If you are teaching a new course for the first time - lucky you. Course design, content, and format are in your capable hands. It can be scary at first but it will be a lot of fun. Be sure that you understand the department's expectations for the course, the preparedness of your student population, and the impact that your course will have on subsequent courses that your students will take. If there are prerequisites for your course, review the text to see what students will know when they enter your class. If there are no prerequisites for your course you may want to give a test of basic knowledge during the first week so that you understand the background and preparation of your students. With this information you can pitch your course at a level that will ensure success.

How Do You Prepare a Course?

Everyone has prepared at least one course by opening a textbook chapter, outlining the important points and then turning the outline in a lecture. What many discover at test time is that the students have a superficial knowledge of the material. They know the facts of the topic but primarily in the context of the text or course. They are slow to relate their knowledge to situations outside of the lecture context and may be unable to use it to predict outcomes or assess a problem.
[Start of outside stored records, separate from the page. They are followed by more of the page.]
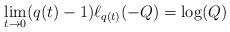
LaTeX: \begin{align*} \lim_{t \to 0} (q(t)-1) \ell_{q(t)}(-Q) = \log(Q) \end{align*}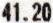
41.20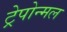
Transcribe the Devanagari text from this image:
ट्रेपोन्मल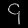
Digit: ၄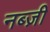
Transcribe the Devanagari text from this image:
नब्ज़ी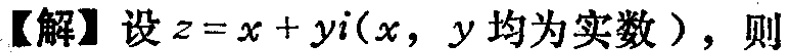
【解】设\(z = x + yi(x,y\text{ 均为实数})\)，则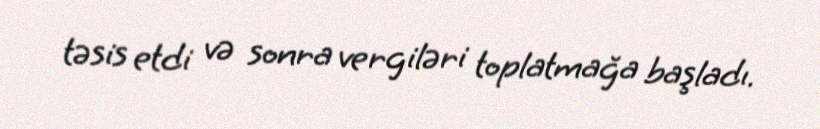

Consequently, one of the first caveats for preparing a course is to clearly identify the course objectives. What do you want your students to know? Should they know content or facts? How should they be able to manipulate the information that they have learned? Will you expect them to be able to solve clinical problems, calculate results, predict outcomes? Will they need to acquire skills in the course? Think about questions like these and then format them into a list as your course objectives. Once the list is complete, match your objectives to one or more class sessions or topics. For example, if you want your students to acquire content knowledge, identify the class session in which you present the information or the homework reading assignment (textbook chapters, websites, etc) that addresses the topic. If you want students to learn to apply their knowledge to clinical problems, data analysis etc., identify class sessions where you give them examples in class or provide them with opportunities to practice working them out with their classmates or on their own. If these ideas won't work for you, there are many other ways to build your learning objectives into the course, such as incorporating them into student projects, homework assignments, study questions, web-based discussion, etc. For more ideas, search the “APS Archive of Teaching Resources” (www.apsarchive.org/main/ugradsearch.asp) and “Resources for Effective Pedagogy”(www.apsarchive.org/main/ugradpedagogy.asp) at the APS website.

Plan your course outline and your classroom presentations around these objectives. Some faculty build from small ideas to big concepts and some do the reverse starting with big concepts and working their way down to the small ideas. Do whatever works best for you but be sure to sketch out a logical progression of ideas before writing the presentation.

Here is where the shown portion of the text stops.